Re: Il male di vivere della gioventù

Inviato da  RedPill il 7/7/2011 10:03:40
I giovani non sono uguali in tutte le epoche ed in tutti i luoghi.

Se non vogliamo i luoghi comuni passiamo a fatti concreti.

PUNTO 1
Io a 10 anni, nel mese di maggio, dopo cena, andavo al rosario.
Non me ne fregava molto, la mia famiglia era composta da madre praticante e padre ateo, ed io andavo alla messa la domenica come tutti ma nulla di più. Nel mio quartiere, però l'usanza era di trovarsi a casa di una signora che per giunta era Emiliana ed alla fine del mese preparava le piadine per tutti.
Fatto sta che l'80% dei bambini del quartiere, alle 20.00 circa, si ritrovava in questa casa insieme a vecchiette e donne di mezza età, per circa mezz'ora.
Alla fine del rosario i bambini si ritrovavano tutti nel parco antistante per giocare a nascondino o giochi simili.

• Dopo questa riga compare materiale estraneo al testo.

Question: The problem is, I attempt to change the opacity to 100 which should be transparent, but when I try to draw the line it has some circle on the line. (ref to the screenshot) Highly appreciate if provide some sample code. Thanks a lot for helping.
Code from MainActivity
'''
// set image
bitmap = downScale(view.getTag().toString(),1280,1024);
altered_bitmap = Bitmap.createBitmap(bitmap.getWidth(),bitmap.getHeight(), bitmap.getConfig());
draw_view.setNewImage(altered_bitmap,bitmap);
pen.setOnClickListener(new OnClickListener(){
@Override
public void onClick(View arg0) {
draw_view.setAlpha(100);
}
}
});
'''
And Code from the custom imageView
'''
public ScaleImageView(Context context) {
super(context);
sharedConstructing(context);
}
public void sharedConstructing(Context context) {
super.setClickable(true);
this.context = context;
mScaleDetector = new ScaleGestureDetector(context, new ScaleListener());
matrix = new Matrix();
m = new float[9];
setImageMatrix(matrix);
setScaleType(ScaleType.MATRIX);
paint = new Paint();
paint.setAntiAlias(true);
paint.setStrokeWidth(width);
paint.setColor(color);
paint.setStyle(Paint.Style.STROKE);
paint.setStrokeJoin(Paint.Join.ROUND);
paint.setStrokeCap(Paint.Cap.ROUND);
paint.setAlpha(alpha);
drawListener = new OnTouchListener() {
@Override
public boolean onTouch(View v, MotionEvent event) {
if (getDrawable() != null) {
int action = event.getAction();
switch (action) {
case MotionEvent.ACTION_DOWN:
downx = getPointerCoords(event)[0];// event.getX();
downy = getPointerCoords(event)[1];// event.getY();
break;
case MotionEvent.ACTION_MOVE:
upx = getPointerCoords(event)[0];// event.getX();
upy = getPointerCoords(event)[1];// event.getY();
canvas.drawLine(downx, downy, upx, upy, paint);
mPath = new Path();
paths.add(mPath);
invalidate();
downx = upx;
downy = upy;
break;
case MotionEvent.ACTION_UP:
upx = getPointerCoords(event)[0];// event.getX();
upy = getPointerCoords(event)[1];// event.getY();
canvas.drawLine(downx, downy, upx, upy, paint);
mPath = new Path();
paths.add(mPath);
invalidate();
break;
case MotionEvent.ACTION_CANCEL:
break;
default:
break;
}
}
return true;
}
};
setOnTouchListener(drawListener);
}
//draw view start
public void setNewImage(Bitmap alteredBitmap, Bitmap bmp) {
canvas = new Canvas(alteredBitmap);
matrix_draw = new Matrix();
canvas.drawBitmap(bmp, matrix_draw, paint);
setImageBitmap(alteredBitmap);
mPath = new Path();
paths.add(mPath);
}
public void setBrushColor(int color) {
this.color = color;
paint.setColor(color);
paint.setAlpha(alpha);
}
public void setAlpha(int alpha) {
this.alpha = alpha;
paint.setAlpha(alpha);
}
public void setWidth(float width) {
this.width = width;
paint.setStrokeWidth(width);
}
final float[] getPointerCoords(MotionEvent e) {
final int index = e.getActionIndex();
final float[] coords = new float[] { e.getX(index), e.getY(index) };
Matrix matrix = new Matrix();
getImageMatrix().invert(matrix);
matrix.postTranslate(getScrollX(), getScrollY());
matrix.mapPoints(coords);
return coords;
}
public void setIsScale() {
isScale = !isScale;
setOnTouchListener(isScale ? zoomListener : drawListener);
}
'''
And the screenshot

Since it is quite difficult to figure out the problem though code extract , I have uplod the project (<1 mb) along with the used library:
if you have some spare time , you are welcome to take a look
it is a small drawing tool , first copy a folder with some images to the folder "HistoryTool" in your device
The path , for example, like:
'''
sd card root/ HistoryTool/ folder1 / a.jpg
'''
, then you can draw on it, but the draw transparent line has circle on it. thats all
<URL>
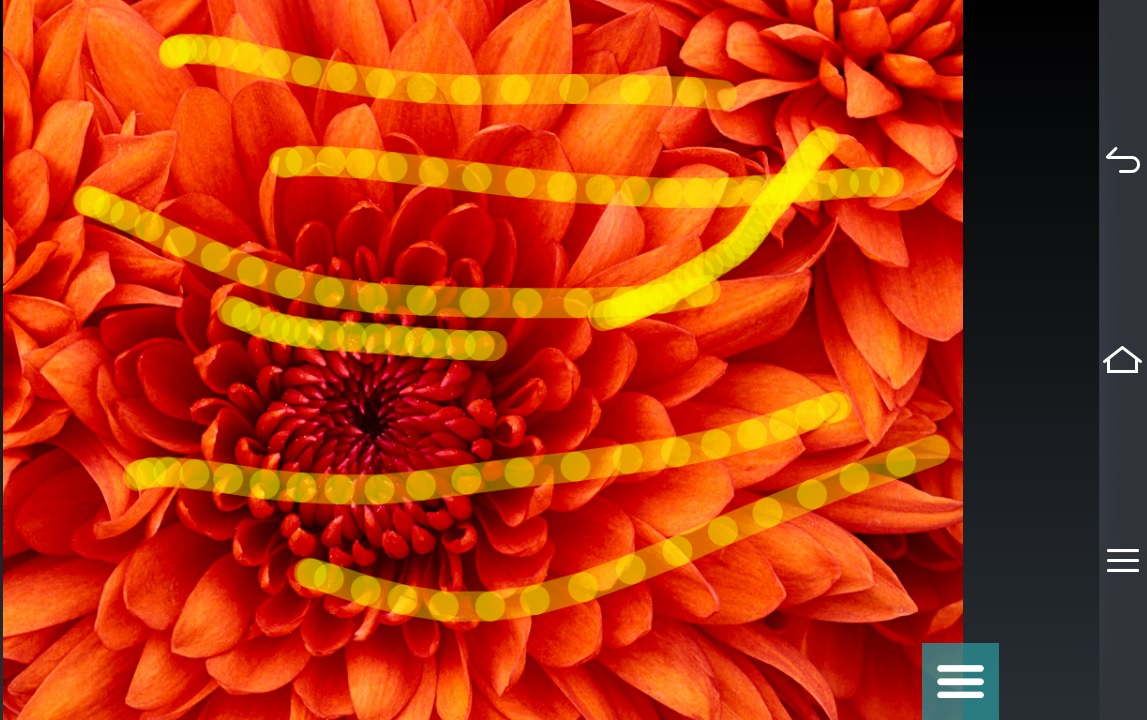
Answer: I have complete the task by using On-draw and Path
'''
drawListener = new OnTouchListener() {
@Override
public boolean onTouch(View v, MotionEvent event) {
if (getDrawable() != null) {
int action = event.getAction();
switch (action) {
case MotionEvent.ACTION_DOWN:
downx = getPointerCoords(event)[0];// event.getX();
downy = getPointerCoords(event)[1];// event.getY();
holderList.add(new Holder(color, width, alpha));
holderList.get(holderList.size() - 1).path.moveTo(downx, downy);
break;
case MotionEvent.ACTION_MOVE:
upx = getPointerCoords(event)[0];// event.getX();
upy = getPointerCoords(event)[1];// event.getY();
holderList.get(holderList.size() - 1).path.lineTo(upx, upy);
invalidate();
downx = upx;
downy = upy;
break;
case MotionEvent.ACTION_UP:
break;
case MotionEvent.ACTION_CANCEL:
break;
default:
break;
}
}
return true;
}
};
setOnTouchListener(drawListener);
}
@Override
protected void onDraw(Canvas canvas) {
super.onDraw(canvas);
if (img != null) {
tmp_canvas.drawBitmap(img, 0, 0, null);
}
for (Holder holder : holderList) {
tmp_canvas.drawPath(holder.path, holder.paint);
}
}
//draw view start
public void setNewImage(Bitmap alteredBitmap, Bitmap bmp) {
tmp_canvas = new Canvas(alteredBitmap);
img = bmp;
tmp_canvas.drawBitmap(bmp, 0, 0, null);
setImageBitmap(alteredBitmap);
}
'''

Ora i bambini di 10 anni alle ore 20 sono a tavola con i genitori (forse entrambi) e stanno guardando un quitz in tv aspettando che inizi paperissima.
Questo causa difficoltà relazionali. Il mondo esterno è una giungla per un giovane. Se però è abituato a rapportarsi all'esterno con tutte le tipologie di persone e soprattutto se ha coltivato rapporti interpersonali attivi (quello del rosario è un esempio stupido, ma rende l'idea) è in grado di approcciarsi in maniera consapevole e disinvolta.
I gruppi di aggregazione sono sostanzialmente spariti ed i giovani hanno perso proprio il gusto di "avere qualcosa da fare".



PUNTO 2
Io a 12 anni ho trascorso la mia prima estate all'estero per un soggiorno studio e abitavo presso una famiglia in cui io ed il mio compagno (fino a quel momento sconosciuto) eravamo gli unici a parlare l'italiano.
Questa esperienza è stata tuttavia traumatica per i primi 3 giorni, durante i quali ero in panico completo. Poi subentra lo spirito di sopravvivenza, lo spirito di adattamento e soprattutto l'orgoglio personale.

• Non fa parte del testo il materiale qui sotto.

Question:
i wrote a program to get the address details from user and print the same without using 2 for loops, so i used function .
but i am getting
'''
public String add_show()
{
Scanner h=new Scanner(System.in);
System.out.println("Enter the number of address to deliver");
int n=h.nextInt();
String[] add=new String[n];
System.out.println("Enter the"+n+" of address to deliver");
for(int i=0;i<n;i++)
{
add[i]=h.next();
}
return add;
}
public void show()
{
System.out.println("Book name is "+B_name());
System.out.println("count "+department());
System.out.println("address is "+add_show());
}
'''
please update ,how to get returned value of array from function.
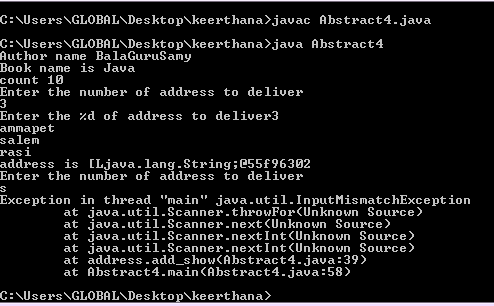
Answer: First, set the correct return type to return an array :
'''
public String[] add_show()
'''
Then, to print the result, I would suggest you to not print directly the result of the method, store them.
'''
System.out.println("Book name is "+B_name());
System.out.println("count "+department());
System.out.println("address is "+add_show());
'''
Would look like
'''
String bookName = B_name();
String count = department();
String[] addresses = add_show();
System.out.println("Book name is " + bookName);
System.out.println("count " + count);
System.out.println("address is " + addresses);
'''
Now, if you try to print an array directly, it will look like '[String@...', you need to get the content yourself, or use a method that will do it...
Using 'Arrays.toString', it will return a formatted 'String' like "[value1, value2, value3, ... valueN]", not perfect for a user
'''
String addressesFormat = Arrays.toString(addresses);
'''
You can used since Java 8 the 'String.join' to join every content with a specific delimiter :
'''
String addressesFormat = String.join("
", addresses);
'''
Then print the result :
'''
System.out.println("address is " + addressesFormat);
'''
FYI: You should check the Java standard notation, a method should not have '_' in his name, it should used camelCase to look like 'addShow'.

Ora i bambini di 12 anni vivono in un contesto familiare in cui "tutto è facile" ed in cui lo spirito di sacrificio è sostanzialmente sparito.
Per esperienza personale conosco bambini di questa età che non hanno mai percepito la necessità di "farcela con le proprie forze" e di "dovere morale di riuscire" perchè la chiave di lettura comune è che se è troppo difficile non lo faccio, se non mi piace non lo faccio, se mi stanco smetto, se non c'è nessun altro che lo fa io da solo non lo faccio ecc...

Questo atteggiamento è palese anche nello sport: i bambini praticano per il 90% il calcio perchè spinti dalla società e dalla famiglia.
Poi però si accorgono che per diventare dei campioni bisogna fare sacrifici e allora lasciano.
E qui troppo spesso le famiglie sono deleterie perchè invece di dire "No! hai un impegno da portare a termine e devi mettercela tutta", dicono "se non ti va, se non te la senti allora non importa" e se chiedi a queste mamme e papà perchè hanno ritirato il proprio figlio ti rispondono che lo vedevano effettivamente stressato.
QUESTO CAUSA UNA DELETERIA PERDITA DI CARATTERE E DI PROPENSIONE AL SACRIFICIO.

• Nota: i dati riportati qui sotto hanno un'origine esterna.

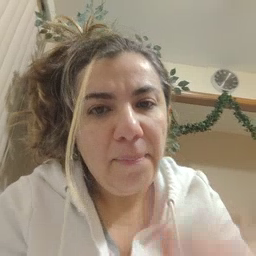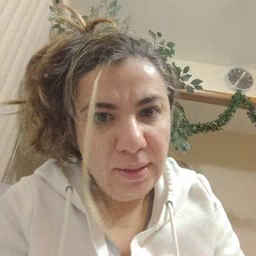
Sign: brother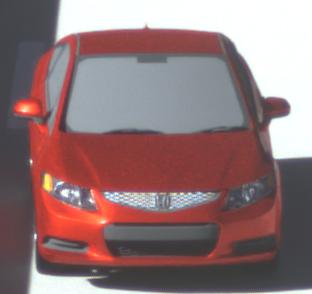
Make: Honda
Model: Civic Limousine 1.8
Detailed model: Civic (IX) Limousine
Model produced from: 2014/05
Model produced until: 2017/06
Doors: 4
Color: red
Road condition: dry road
Daytime: morning or afternoon
Contrast: high contrast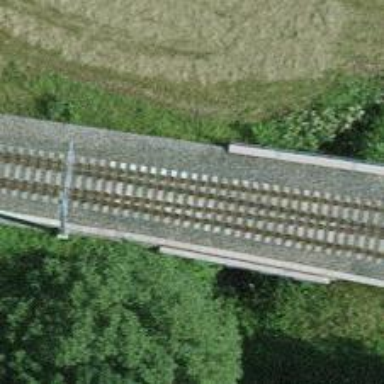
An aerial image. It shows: Railway track with contact lines for electrification.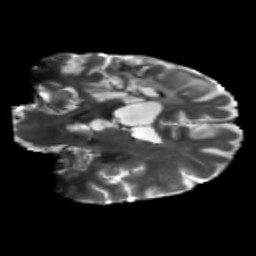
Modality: T2w
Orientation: coronal
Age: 60
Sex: male
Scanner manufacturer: siemens
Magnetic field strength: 3 T
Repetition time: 5.47 s
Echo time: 0.0854 s

E collegandomi al discorso relativo ai meridionali che andavano a cercare lavoro all'estero, il problema è proprio questo:
Nessun ragazzo d'oggi è disposto a lasciare non solo l'Italia, ma spesso neppure la sua città per andare a cercare un lavoro o un'opportunità diversa oppure semplicemente nuovi stimoli. E questo solamente perchè non c'è senso di dovere morale e spirito di sacrificio.